Y llego el fin de semana y mi madre se pone pesada. Acerca de cómo cortar los champiñones y demás inclemencias atmosféricas. Que si a láminas, que si en cuartos... y me imagina perdida entre las sábanas blancas de mi cuarto, con algún elemento del género masculino. Así que ese mismo fin de semana, mientras voy a cenar con mi santo padre y mi santa madre (y mi hermano de fiesta por ahí, claro) le da por llevarme al bar de unos amigos y decirme "Oh, mira, R" comenta mientras coge del brazo a un zagal con pintas de moderno y musculado muchacho "éste es Edgar, es el hijo de J. y P....estudia arquitectura" (guiño de ojo). Mi cara en ese momento expresa exasperación mal disimulada.

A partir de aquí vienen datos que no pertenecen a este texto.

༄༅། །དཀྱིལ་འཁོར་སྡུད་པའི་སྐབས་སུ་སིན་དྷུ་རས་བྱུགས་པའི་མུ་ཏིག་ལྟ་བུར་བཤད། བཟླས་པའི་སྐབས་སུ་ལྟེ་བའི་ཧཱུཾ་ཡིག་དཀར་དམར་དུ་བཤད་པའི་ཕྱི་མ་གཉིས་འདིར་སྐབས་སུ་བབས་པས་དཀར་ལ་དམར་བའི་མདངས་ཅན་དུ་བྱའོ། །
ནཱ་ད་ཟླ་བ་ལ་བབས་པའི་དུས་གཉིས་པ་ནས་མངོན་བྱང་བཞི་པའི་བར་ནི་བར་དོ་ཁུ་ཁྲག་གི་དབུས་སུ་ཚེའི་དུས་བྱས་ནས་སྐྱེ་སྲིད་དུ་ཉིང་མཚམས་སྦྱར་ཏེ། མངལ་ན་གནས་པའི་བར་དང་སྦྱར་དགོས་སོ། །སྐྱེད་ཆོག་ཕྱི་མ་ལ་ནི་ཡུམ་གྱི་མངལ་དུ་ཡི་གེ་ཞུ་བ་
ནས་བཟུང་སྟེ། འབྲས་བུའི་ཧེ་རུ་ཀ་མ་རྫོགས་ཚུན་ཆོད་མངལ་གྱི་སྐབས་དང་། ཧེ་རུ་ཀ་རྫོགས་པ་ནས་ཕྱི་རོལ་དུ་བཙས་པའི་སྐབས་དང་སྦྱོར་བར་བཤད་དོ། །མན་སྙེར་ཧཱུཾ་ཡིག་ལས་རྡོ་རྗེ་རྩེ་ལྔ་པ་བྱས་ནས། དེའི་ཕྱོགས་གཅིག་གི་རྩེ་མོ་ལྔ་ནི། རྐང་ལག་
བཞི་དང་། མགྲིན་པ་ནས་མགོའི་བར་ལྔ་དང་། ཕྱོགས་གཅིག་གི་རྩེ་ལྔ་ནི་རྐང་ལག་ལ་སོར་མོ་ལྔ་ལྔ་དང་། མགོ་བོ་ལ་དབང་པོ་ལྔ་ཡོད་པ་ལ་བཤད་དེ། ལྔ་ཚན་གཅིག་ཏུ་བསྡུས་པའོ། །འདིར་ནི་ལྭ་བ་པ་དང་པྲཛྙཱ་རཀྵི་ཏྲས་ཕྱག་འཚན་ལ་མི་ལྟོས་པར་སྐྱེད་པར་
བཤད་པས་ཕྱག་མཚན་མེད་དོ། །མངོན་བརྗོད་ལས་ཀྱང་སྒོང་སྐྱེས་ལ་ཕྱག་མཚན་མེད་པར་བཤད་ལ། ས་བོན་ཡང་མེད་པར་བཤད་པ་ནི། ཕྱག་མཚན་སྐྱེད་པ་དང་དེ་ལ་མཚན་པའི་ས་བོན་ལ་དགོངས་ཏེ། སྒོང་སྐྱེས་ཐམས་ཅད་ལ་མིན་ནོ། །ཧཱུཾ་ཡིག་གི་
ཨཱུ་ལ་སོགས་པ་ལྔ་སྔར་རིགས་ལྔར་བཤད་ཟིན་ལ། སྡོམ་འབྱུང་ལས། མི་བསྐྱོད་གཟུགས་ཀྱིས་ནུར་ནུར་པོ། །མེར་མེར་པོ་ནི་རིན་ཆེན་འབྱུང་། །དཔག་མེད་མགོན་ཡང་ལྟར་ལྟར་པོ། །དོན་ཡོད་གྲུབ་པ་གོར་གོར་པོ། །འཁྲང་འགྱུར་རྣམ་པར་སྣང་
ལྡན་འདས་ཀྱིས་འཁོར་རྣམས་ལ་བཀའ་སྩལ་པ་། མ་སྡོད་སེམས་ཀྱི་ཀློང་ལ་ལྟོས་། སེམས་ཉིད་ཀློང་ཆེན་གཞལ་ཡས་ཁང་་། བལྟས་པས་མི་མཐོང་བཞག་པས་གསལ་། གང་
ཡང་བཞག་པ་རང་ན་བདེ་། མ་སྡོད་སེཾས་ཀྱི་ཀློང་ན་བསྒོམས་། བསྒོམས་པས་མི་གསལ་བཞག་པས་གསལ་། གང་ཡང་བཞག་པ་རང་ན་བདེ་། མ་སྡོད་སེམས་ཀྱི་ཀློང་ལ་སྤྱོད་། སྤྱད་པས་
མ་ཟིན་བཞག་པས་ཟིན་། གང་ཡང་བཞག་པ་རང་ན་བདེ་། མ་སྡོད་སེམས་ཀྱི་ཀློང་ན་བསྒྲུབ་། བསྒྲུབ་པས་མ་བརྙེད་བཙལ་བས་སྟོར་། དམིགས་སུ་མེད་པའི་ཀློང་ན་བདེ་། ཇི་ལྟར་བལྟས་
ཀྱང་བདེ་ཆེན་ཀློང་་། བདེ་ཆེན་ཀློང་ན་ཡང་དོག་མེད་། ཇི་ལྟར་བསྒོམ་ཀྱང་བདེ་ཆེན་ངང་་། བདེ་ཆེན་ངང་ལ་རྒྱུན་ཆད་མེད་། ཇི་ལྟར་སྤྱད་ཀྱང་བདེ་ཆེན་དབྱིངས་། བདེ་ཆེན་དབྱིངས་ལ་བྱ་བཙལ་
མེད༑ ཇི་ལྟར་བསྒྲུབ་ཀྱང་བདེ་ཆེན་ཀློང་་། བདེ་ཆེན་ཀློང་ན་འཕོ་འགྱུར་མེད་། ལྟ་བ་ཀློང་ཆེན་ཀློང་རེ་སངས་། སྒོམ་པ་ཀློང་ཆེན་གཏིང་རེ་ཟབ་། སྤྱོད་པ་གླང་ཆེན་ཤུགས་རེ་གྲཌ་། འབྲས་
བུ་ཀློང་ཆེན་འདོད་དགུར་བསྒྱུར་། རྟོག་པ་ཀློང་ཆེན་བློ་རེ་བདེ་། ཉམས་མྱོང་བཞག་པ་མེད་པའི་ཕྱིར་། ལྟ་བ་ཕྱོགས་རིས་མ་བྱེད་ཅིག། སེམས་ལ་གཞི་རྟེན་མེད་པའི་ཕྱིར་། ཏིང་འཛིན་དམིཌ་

Sí, mamá, perfecto. Le faltan tetas, lo siento. Y le sobra el pene ¿qué le vamos a hacer? Vale, que ella me ha tachado de ligerita cascos... por tener sexo a la tierna edad de veinte años y con mi pareja estable de aquella época. Lo siento, es una manía que tengo, no querer llegar virgen al matrimonio. Y bueno, ya ves, cuándo estás con alguien te da por tocarle, no sé. Oh, vaya... quizás ahora debería tener miles de hijos. Así que mejor corramos un estúpido velo y hablemos de vegetales de nuevo. De cómo no hay que cortarlos. Pero bueno, ya pasado el trauma de que su pequeña niña tiene relaciones maritales (fuera de las nupcias y previas, todo sea dicho de paso), se le pasa la tontera y se plantea  que las tiene con una chica. Oups. Sí, ella tiene pechos, dos muy hermosos. Y su cerebro tiene dos mitades operativas. Hasta se viene de compras conmigo y opina acerca de la ropa. Suena la alarma. Ninoninonino. Entonces mi madre, que sospecha que su pobre hija se ha echado a perder por culpa de una malvada lesbiana, comienza a buscar con ojo avizor a todos y cada uno de los zagales musculados de 20 metros a la redonda, y si son los hijos de alguien conocido, mejor que mejor, que a la familia política más vale tenerla controlada. 

Me pido tranquilamente una tarta de queso de postre. Que los placeres hay que compartirlos con los seres queridos. Sí, soy capaz de comer tarta delante de mis santos padres, sin poder evitar poner los ojos en blanco y jadear de vez en cuando, cada vez que llevo una cucharada de deliciosa tarta a mi boca. No te jode, la niña va a empezar a revelarse, solo para demostrar lo pecaminosa que puede llegar a ser. Así que mi calenturienta mente decide poner a mover los engranajes de mi imaginación ¡Oh! ¡Por todos los santos y ángeles del coro celestial de Dios (puñetas)! ¡La niña está tomando postre! Seguro que se ha montado una cama redonda con cada uno de sus amigos y amigas, pensará mi madre. Y lo peor... es que hasta entonces no había pensado en las "amigas". Oh, eso abre un nuevo mundo de posiblidades puteriles en las que ella no había caído. Pues sí, madre, lo mejor de todo es que ahora no tengo que darte explicaciones de cuánto papel higiénico gasto en pro de tus sospechas de orgías en casa. Y mucho menos, la mujer que recorre cada centímetro de mi piel cada noche no me monta discusiones por la forma en la que corto las verduras, me deja cocerlas enteras. Aunque tú desearías la opción fácil, pero la vida no siempre es como a uno le gusta. ¡Además, yo no cuezo, enriquezco!